The answers to the ConcepTests are given below and will open in a separate window. 
Key points from this module:
  • Chemical equilibrium corresponds to the composition that has the lowest Gibbs free energy.
  • The Gibbs free energy for a reaction changes with temperature, and the heat of reaction determines how it changes with temperature.
  • Most reaction systems involve multiple reactions.
  • Equilibrium compositions can be determined using either equilibrium constants and extents of reaction or by minimizing Gibbs free energy.
  • When multiple reactions occur simultaneously, minimization of Gibbs free energy may be an easier method to determine equilibrium compositions. This approach does not require the individual reactions to be identified, just the species.
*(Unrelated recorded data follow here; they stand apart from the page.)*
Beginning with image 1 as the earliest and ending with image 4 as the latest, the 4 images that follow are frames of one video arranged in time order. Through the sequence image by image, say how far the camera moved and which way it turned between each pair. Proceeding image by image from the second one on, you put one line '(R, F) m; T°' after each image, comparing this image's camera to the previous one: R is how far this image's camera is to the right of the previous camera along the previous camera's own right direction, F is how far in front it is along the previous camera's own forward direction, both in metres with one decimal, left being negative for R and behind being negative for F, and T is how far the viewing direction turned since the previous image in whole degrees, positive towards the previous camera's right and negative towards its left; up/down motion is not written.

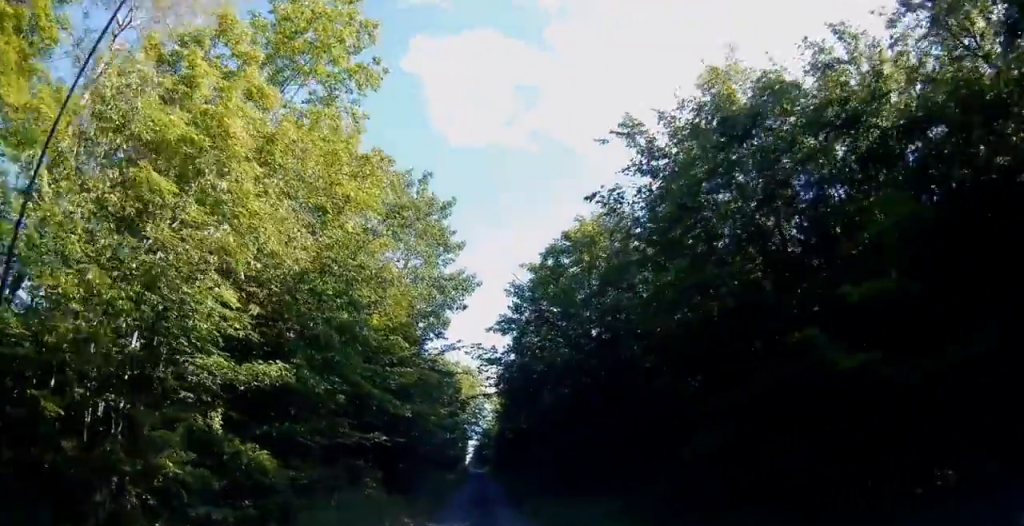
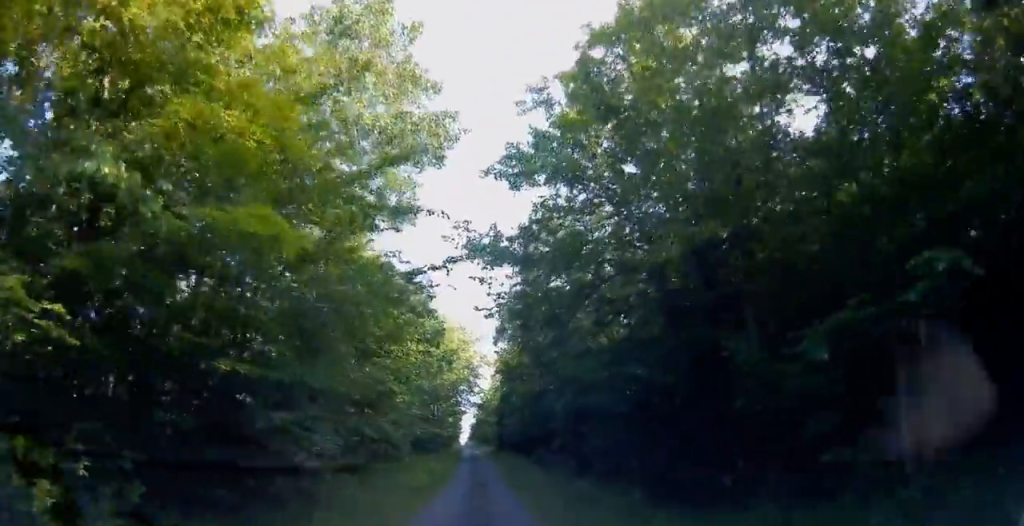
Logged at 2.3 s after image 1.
(-0.2, +14.5) m; +1°
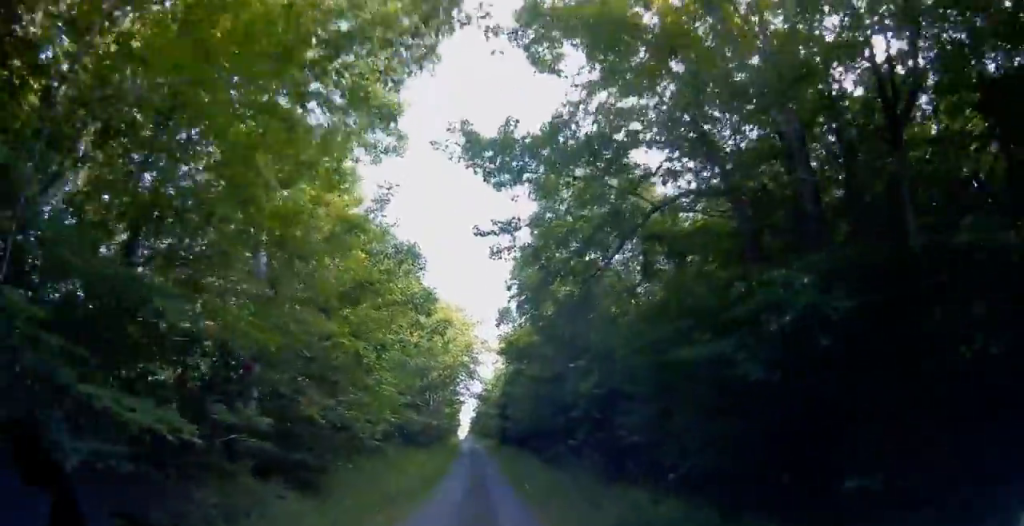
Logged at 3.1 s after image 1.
(+0.1, +5.5) m; +1°
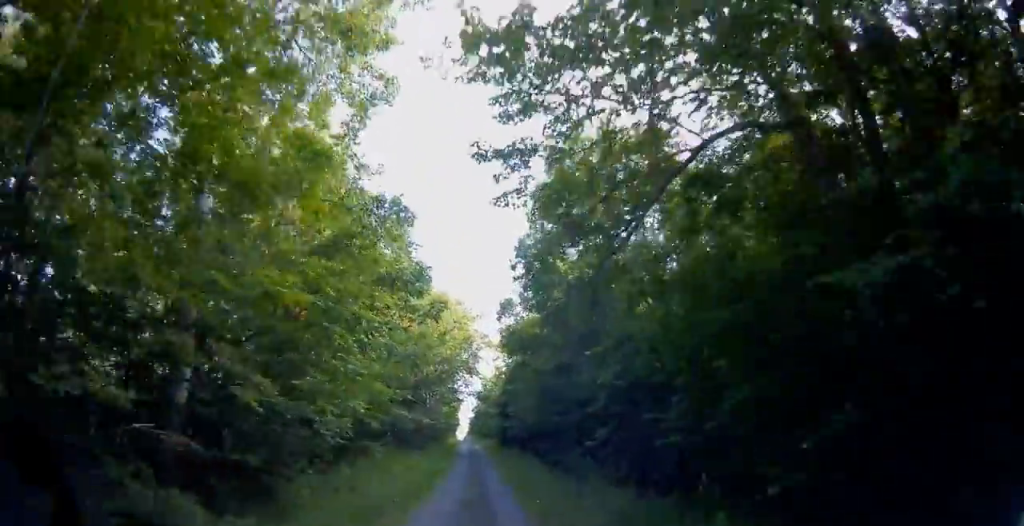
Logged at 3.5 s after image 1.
(0.0, +3.3) m; 0°

  • Calculated equilibrium compositions depend on which components (or which reactions) are included in the calculation. Often some reactions or products are not included in the equilibrium calculations because their rates of reaction are too low; i.e., kinetics can limit which reactions or products are included in equilibrium calculations.
From studying this module, you should now be able to:
  • Calculate Gibbs free energy of formation at standard conditions as a function of temperature.
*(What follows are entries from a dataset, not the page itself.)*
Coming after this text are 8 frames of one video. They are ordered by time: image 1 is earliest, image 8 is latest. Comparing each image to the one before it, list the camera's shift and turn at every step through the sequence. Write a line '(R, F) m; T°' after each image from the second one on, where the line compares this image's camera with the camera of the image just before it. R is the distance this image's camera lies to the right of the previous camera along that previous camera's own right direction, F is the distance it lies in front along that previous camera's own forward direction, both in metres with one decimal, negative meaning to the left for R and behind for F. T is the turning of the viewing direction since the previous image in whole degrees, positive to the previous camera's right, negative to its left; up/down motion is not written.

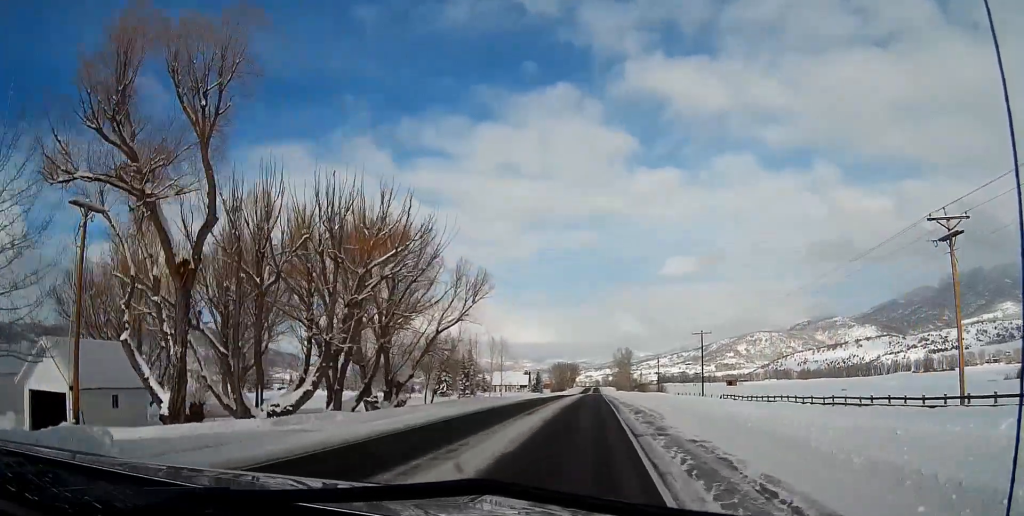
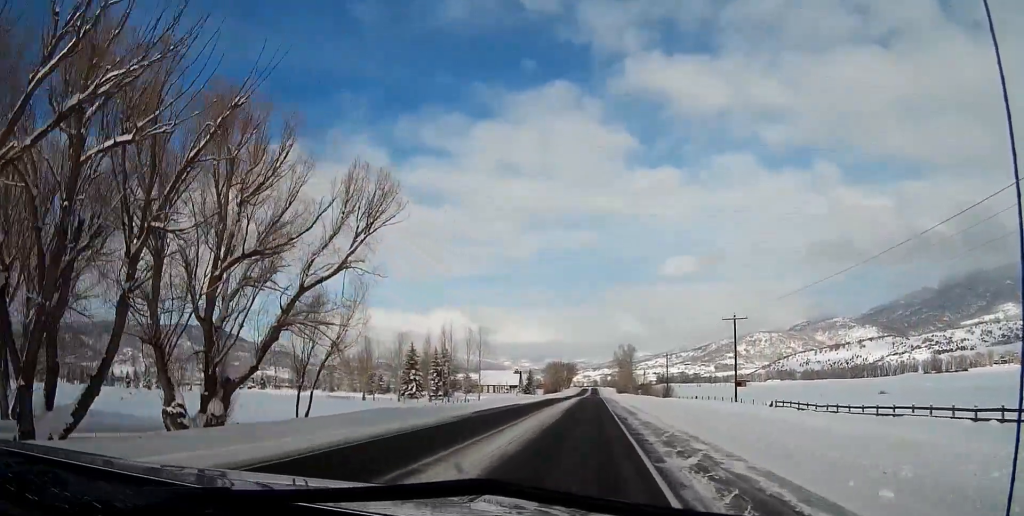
(0.0, +28.0) m; 0°
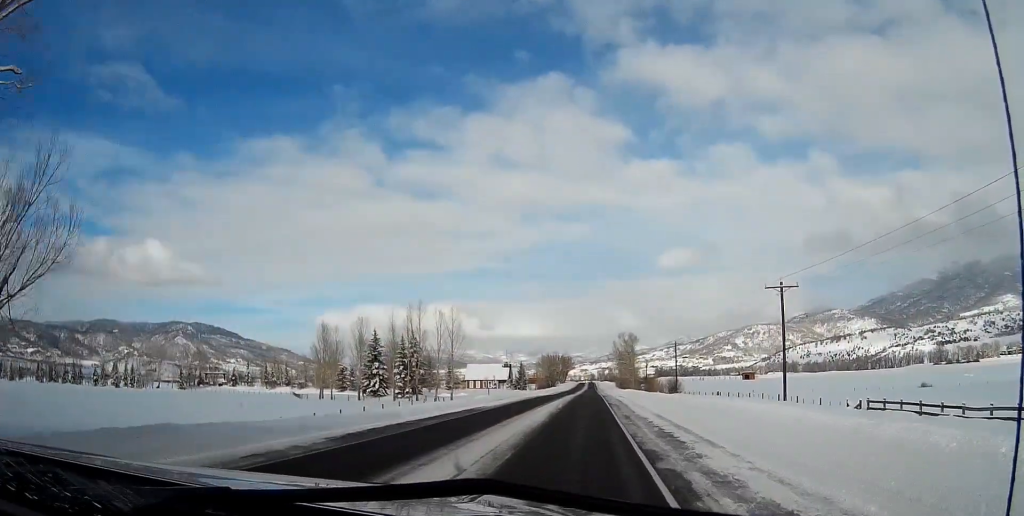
(+0.2, +23.4) m; 0°
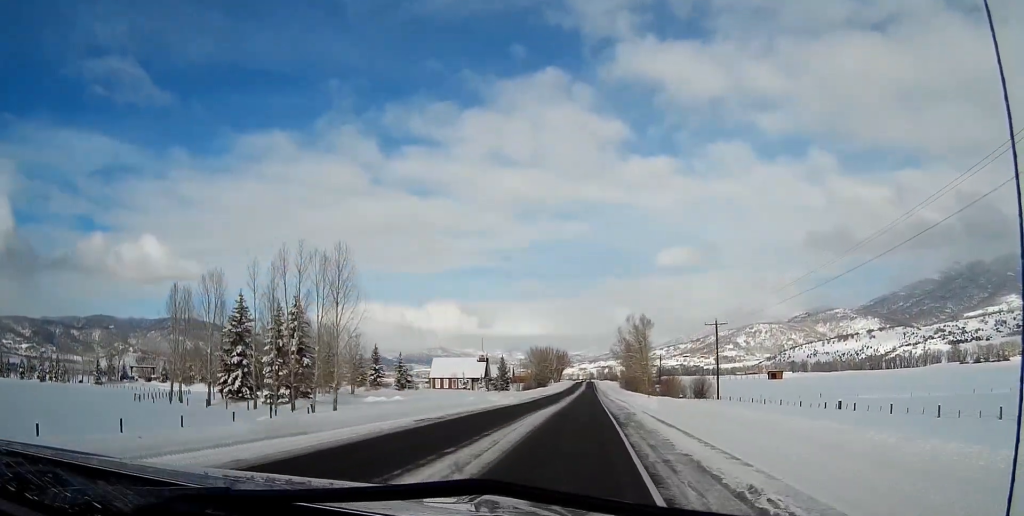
(0.0, +49.7) m; 0°
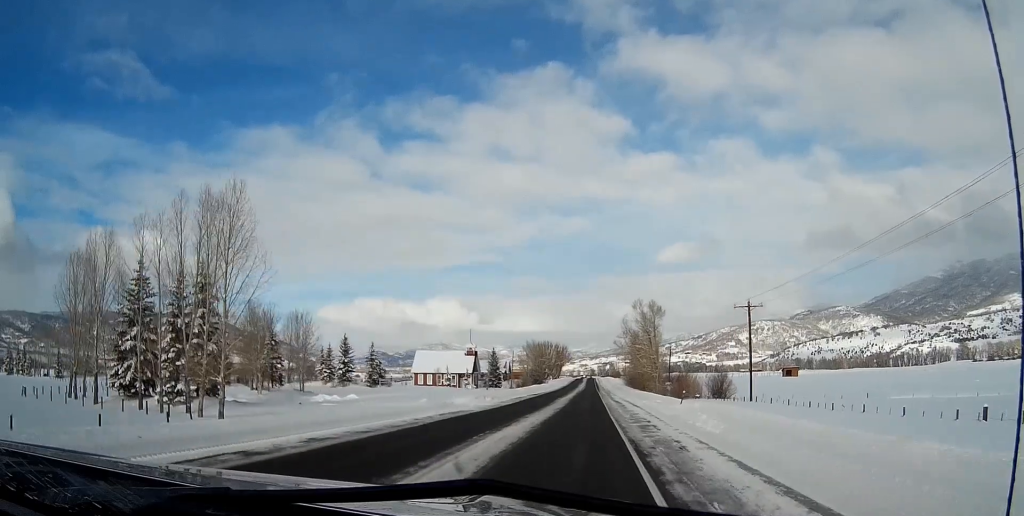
(0.0, +19.9) m; 0°
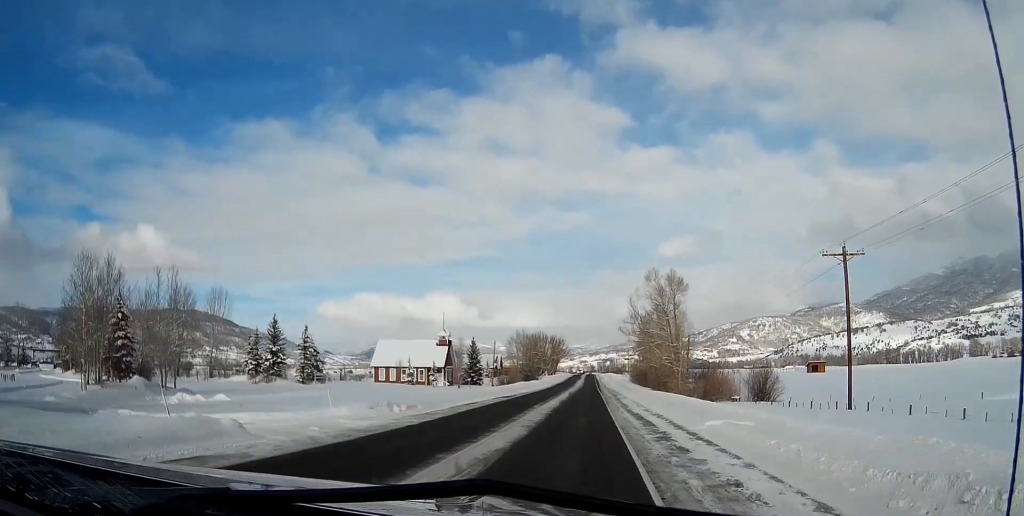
(+0.2, +30.1) m; 0°
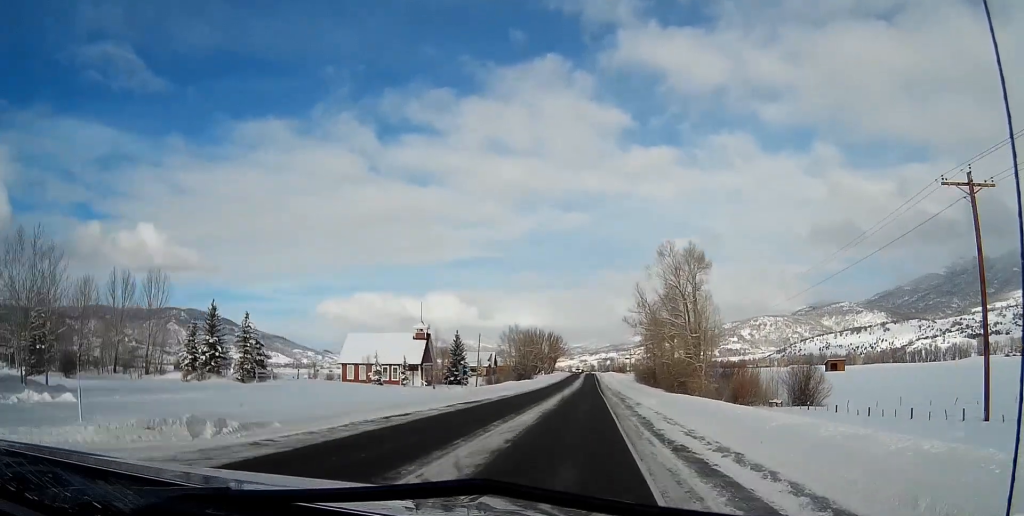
(+0.1, +18.4) m; 0°
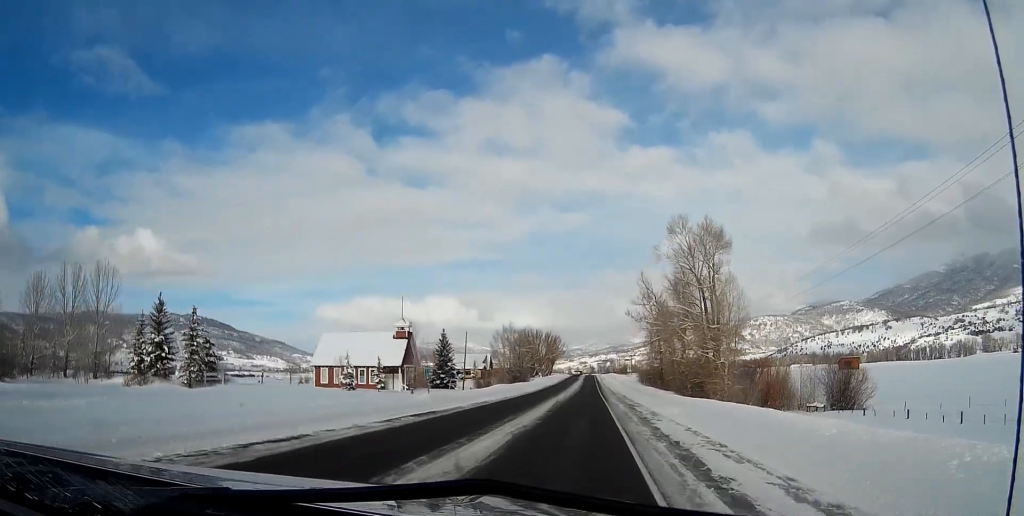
(0.0, +12.1) m; 0°

  • Calculate Gibbs free energy as a function of mole fraction and pressure.
  • Use minimization of Gibbs free energy to determine equilibrium compositions for one or more simultaneous reactions.
Additional Resources:

Screencast: Gibbs free energy of a chemical reaction as a function of temperature
Plots the Gibbs free energy divided by RT (nG/RT) for the water-gas shift reaction (CO + H2O –> CO2 + H2) at 1-bar pressure as a function of fractional conversion at several temperatures. The spreadsheet used is Plot Gibbs Free Energy vs Reaction Extent.

NIST Chemistry WebBook 
Excellent source of heat capacities, heats of formation, and Gibbs free energies of formation.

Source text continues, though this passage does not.